::: Records for this task
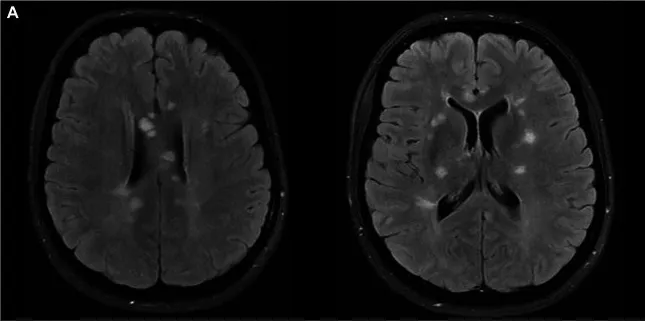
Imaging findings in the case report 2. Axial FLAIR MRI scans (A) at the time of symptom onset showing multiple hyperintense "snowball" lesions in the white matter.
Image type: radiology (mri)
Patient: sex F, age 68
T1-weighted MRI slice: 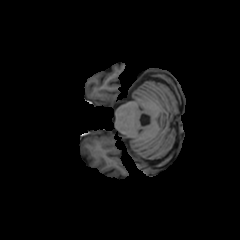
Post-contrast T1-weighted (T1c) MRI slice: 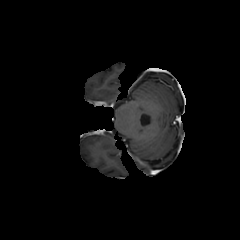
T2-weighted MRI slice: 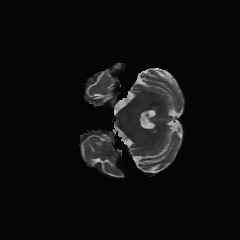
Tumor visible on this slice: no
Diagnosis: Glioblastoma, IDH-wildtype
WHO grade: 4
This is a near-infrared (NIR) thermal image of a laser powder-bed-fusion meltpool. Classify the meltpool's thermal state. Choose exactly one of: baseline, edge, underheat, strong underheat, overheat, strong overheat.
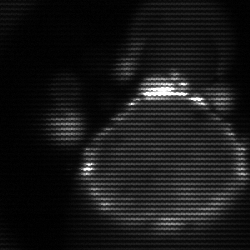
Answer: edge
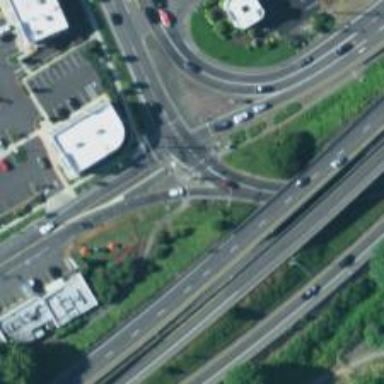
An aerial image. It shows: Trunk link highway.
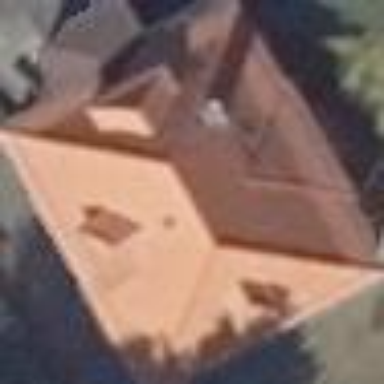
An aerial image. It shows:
::::::
- Your assignment:
From the line containing "Patient: sex F, age 68" through the last line of the records above, reproduce every line exactly, leaving out the pictures.

- Your response:
Patient: sex F, age 68
T1-weighted MRI slice: 
Post-contrast T1-weighted (T1c) MRI slice: 
T2-weighted MRI slice: 
Tumor visible on this slice: no
Diagnosis: Glioblastoma, IDH-wildtype
WHO grade: 4
This is a near-infrared (NIR) thermal image of a laser powder-bed-fusion meltpool. Classify the meltpool's thermal state. Choose exactly one of: baseline, edge, underheat, strong underheat, overheat, strong overheat.
Answer: edge
An aerial image. It shows: Trunk link highway.
An aerial image. It shows:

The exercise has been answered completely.